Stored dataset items
· · · · ·
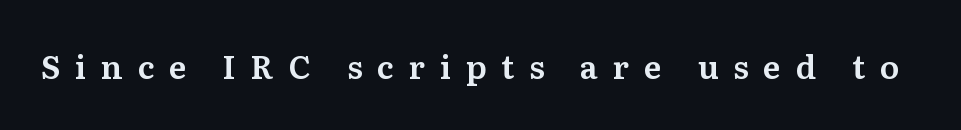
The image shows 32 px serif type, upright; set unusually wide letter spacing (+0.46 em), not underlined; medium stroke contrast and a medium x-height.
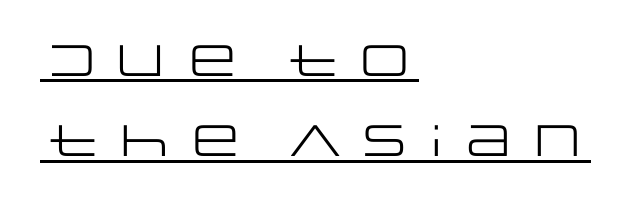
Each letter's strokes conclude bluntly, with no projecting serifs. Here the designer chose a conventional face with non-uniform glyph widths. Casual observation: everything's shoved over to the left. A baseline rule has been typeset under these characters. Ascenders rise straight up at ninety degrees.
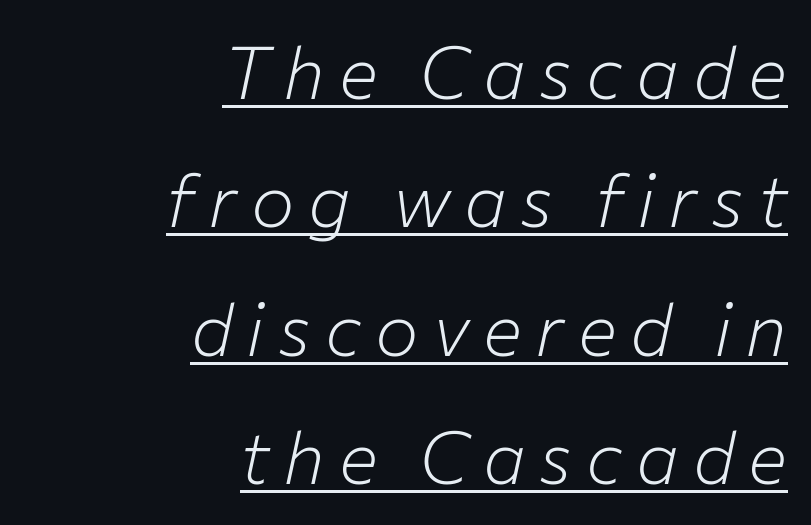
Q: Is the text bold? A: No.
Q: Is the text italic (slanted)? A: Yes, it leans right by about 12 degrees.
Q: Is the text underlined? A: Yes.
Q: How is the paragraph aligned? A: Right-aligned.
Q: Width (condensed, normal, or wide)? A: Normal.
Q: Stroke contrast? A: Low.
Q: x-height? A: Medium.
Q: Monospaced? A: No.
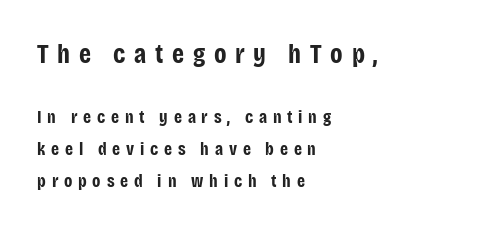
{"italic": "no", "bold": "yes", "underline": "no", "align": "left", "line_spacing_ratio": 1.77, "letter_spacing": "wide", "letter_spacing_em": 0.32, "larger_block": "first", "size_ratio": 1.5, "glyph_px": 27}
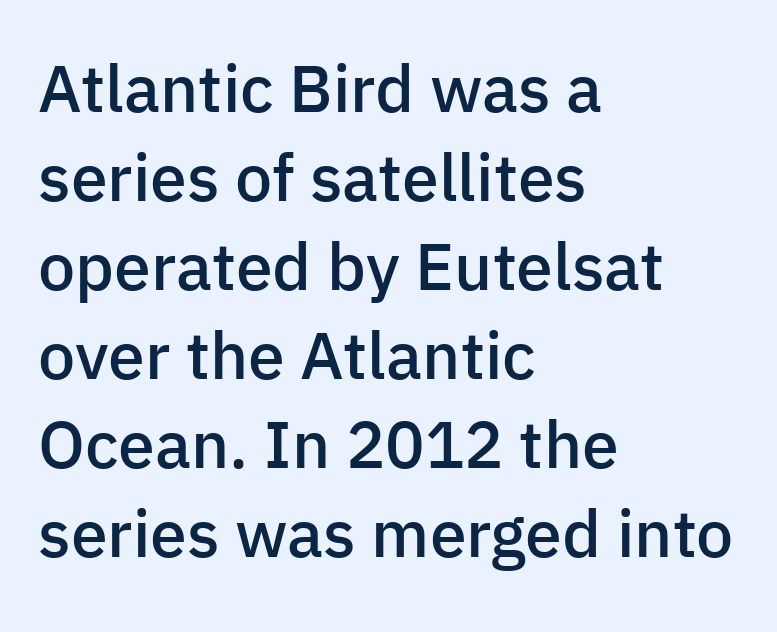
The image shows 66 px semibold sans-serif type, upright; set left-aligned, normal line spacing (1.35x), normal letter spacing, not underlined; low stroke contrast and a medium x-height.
· · · · ·
From the records above, copy every line that includes the word "degrees".

Each letter's strokes conclude bluntly, with no projecting serifs. Here the designer chose a conventional face with non-uniform glyph widths. Casual observation: everything's shoved over to the left. A baseline rule has been typeset under these characters. Ascenders rise straight up at ninety degrees.
Q: Is the text italic (slanted)? A: Yes, it leans right by about 12 degrees.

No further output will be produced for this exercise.